Redgate picked up the ball that had been carried by PASS. They have been hard at work resurrecting the community that PASS had built.

I was happy to see that the PASS brand has been rebooted in a couple of ways: PASS Data Community Summit and the resurrection of SQL Saturday.

I wrote earlier that I’d been chosen to speak at Data Saturday LA. However, I did not see the link on the DataSaturdays site. It turns out that the link is listed under SQL Saturday.

The new SQL Saturday site includes links to all the previous SQL Saturday events that were hosted by PASS. I was happy to see that all the previous events appear to be listed. With that, I plan to update my old presentation links to point to the newly-listed (old-listed?) events. (I see a lot of work ahead of me!)

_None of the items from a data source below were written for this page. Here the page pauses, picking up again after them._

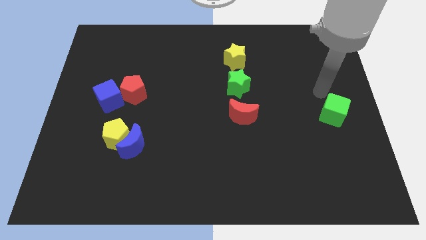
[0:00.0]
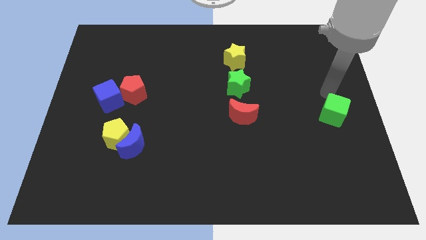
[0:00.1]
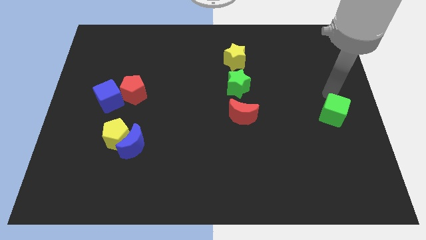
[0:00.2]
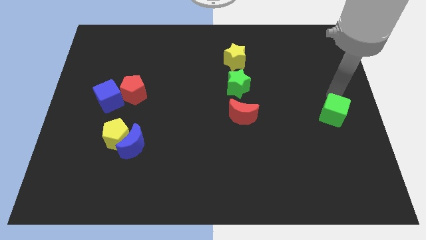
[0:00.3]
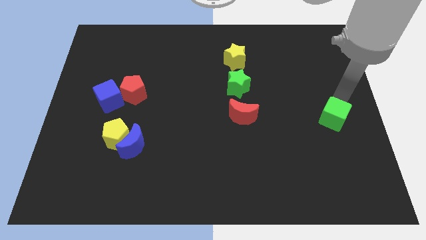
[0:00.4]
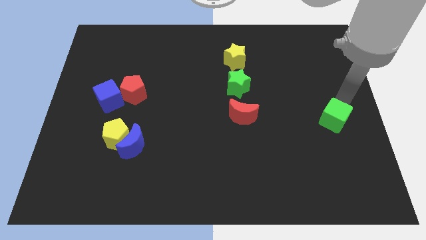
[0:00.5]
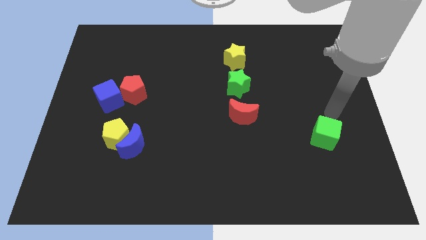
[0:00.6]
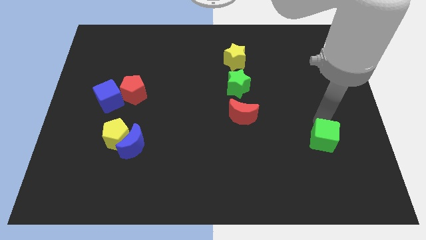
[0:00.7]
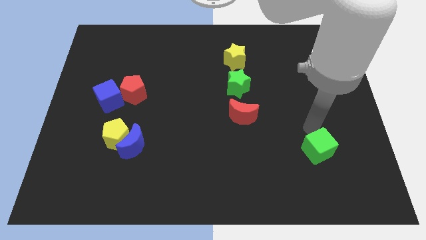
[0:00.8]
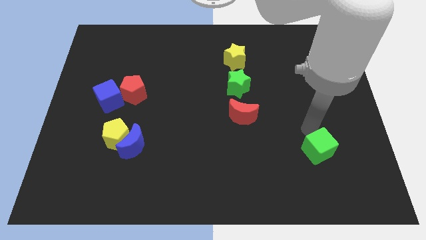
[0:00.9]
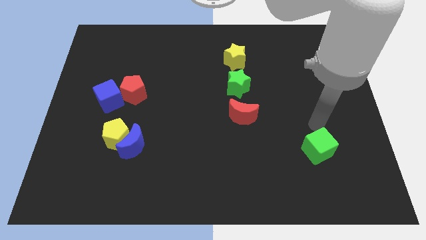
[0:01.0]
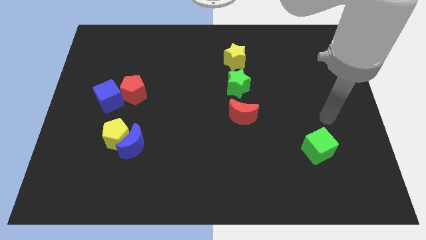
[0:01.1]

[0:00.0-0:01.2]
push the green cube downwards

One question I have is what will happen between SQL Saturday and Data Saturday? Will they remain two different entities, or will they merge? I am not privy to that level of administration, so I have no idea.

The new SQL Saturday and PASS Data Community Summit links still need work, but I’m happy that Redgate has been putting in the work to restructure the brand and the community. Great work, Redgate! Bravo! I am very much looking forward to seeing how Redgate proceeds with the updated community.

Edit/correction: as it turns out, there is actually a board, of which Steve Jones is a part, that actually does the work on the new SQL Saturday initiative. While Redgate sponsors it (their branding is all over it), it’s the board that actually does the work. Nice job, board!